*Exercise requirements*:
Copy out the records in full, word for word, without pictures.

***** Supplied data

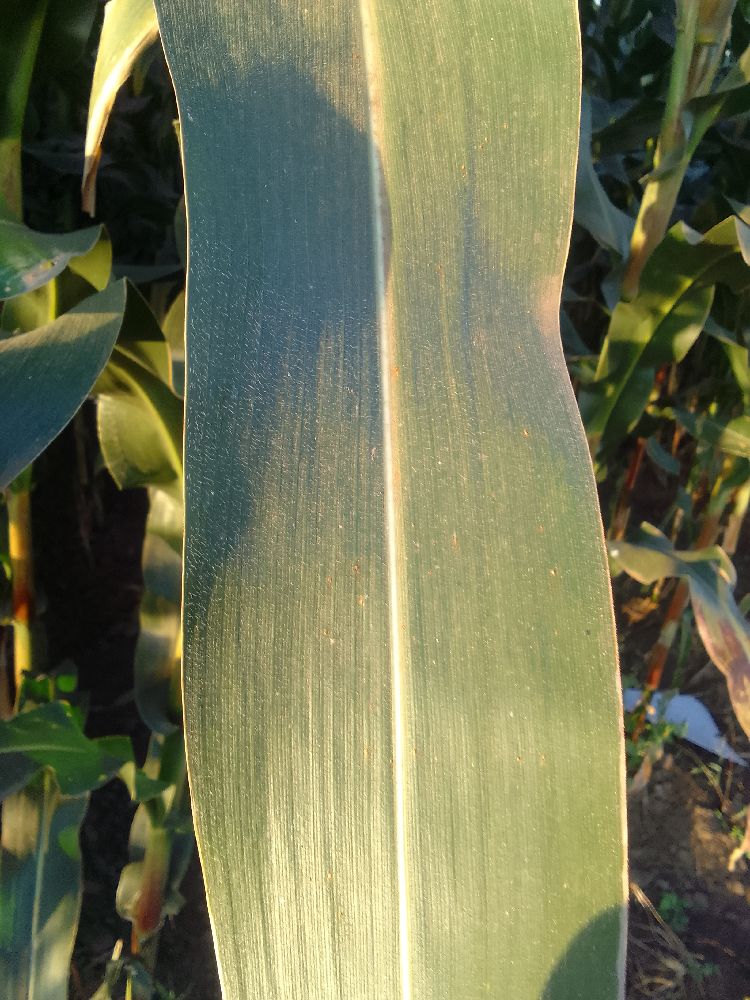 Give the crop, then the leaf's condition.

maize, healthy
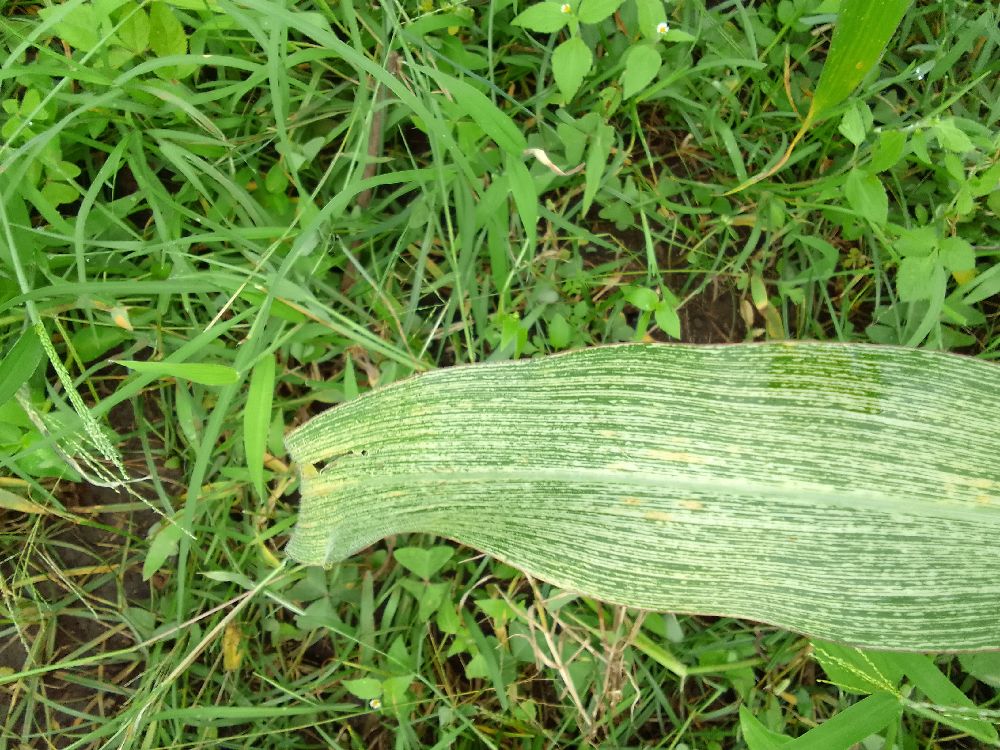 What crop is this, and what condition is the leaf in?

maize, maize streak virus
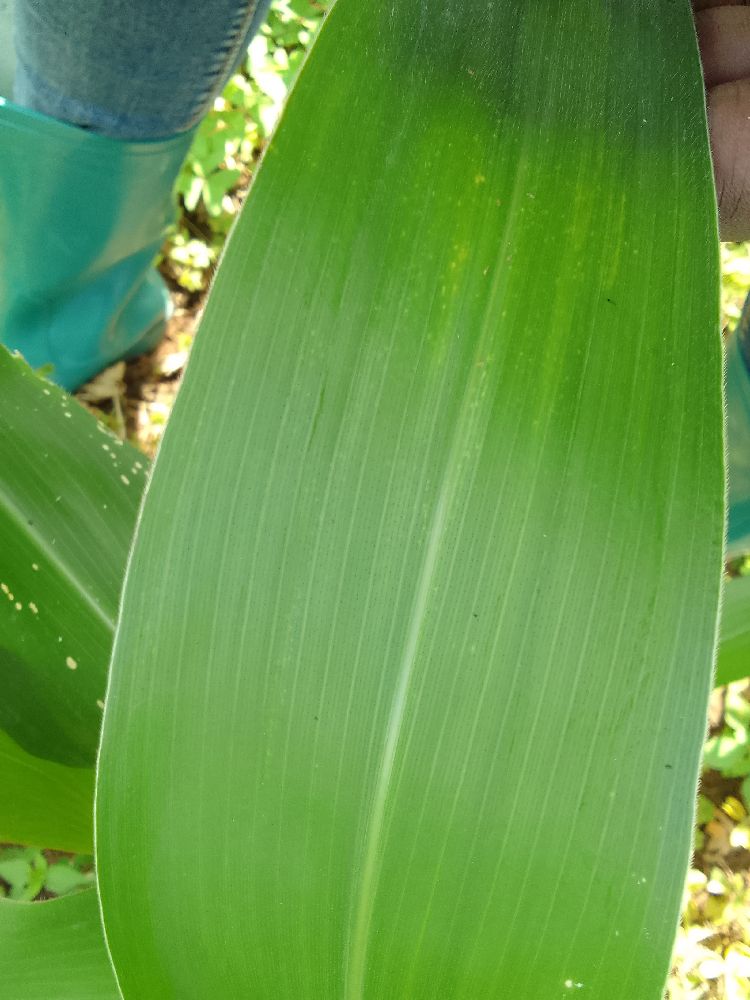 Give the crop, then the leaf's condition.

maize, healthy
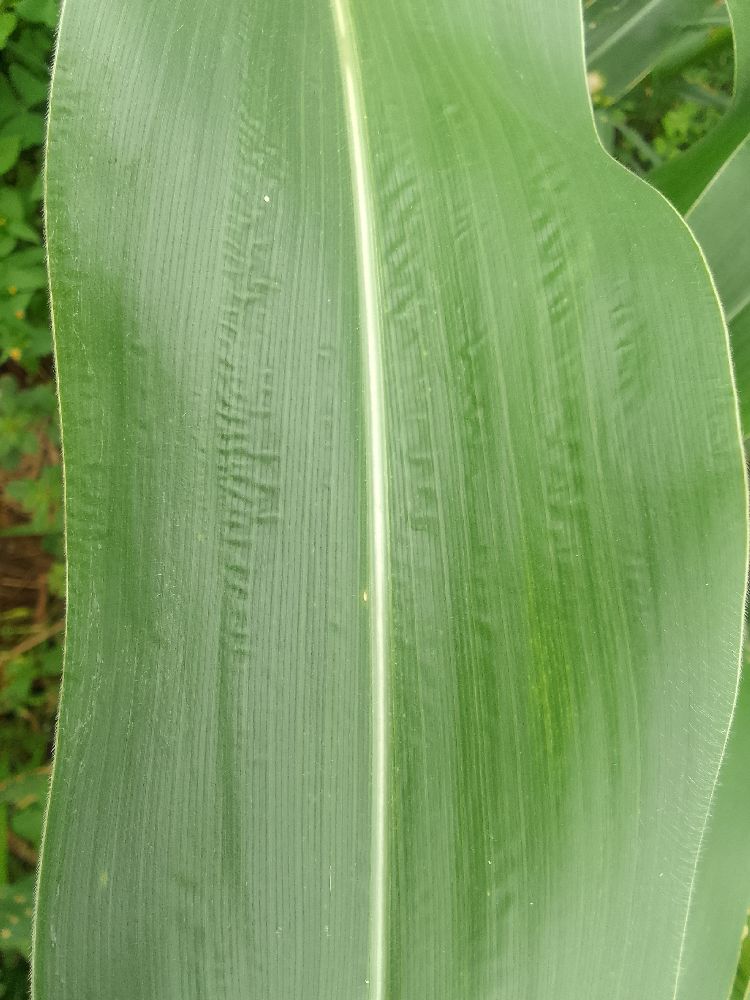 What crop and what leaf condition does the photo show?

maize, healthy
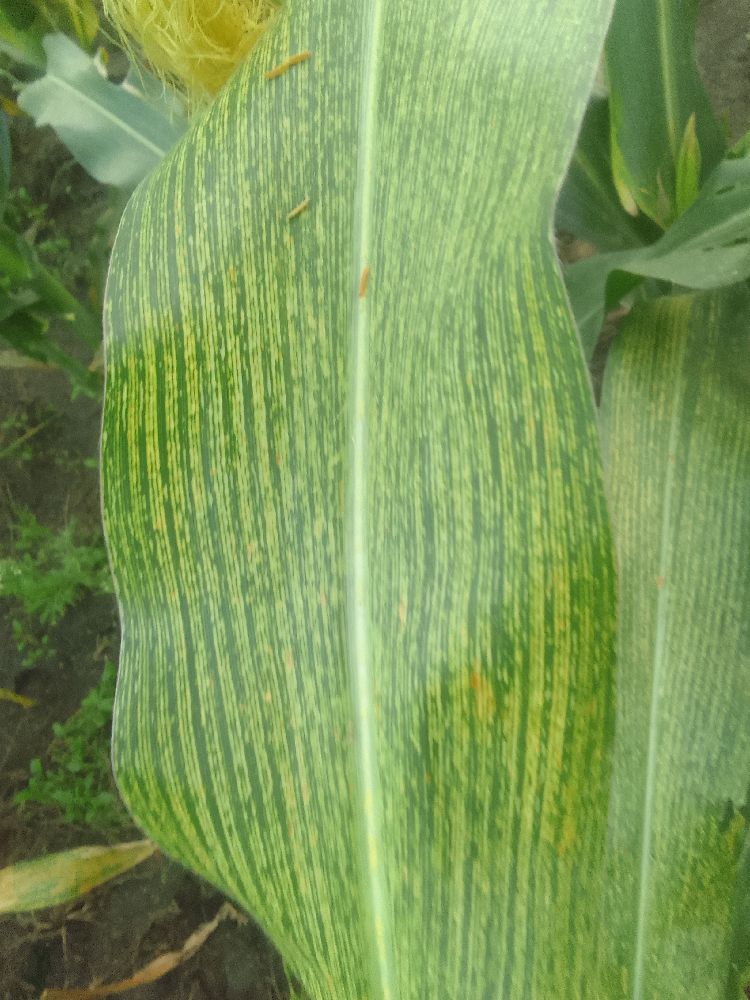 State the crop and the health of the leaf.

maize, maize streak virus

**********

*Problem solution*:
 Give the crop, then the leaf's condition.

maize, healthy
 What crop is this, and what condition is the leaf in?

maize, maize streak virus
 Give the crop, then the leaf's condition.

maize, healthy
 What crop and what leaf condition does the photo show?

maize, healthy
 State the crop and the health of the leaf.

maize, maize streak virus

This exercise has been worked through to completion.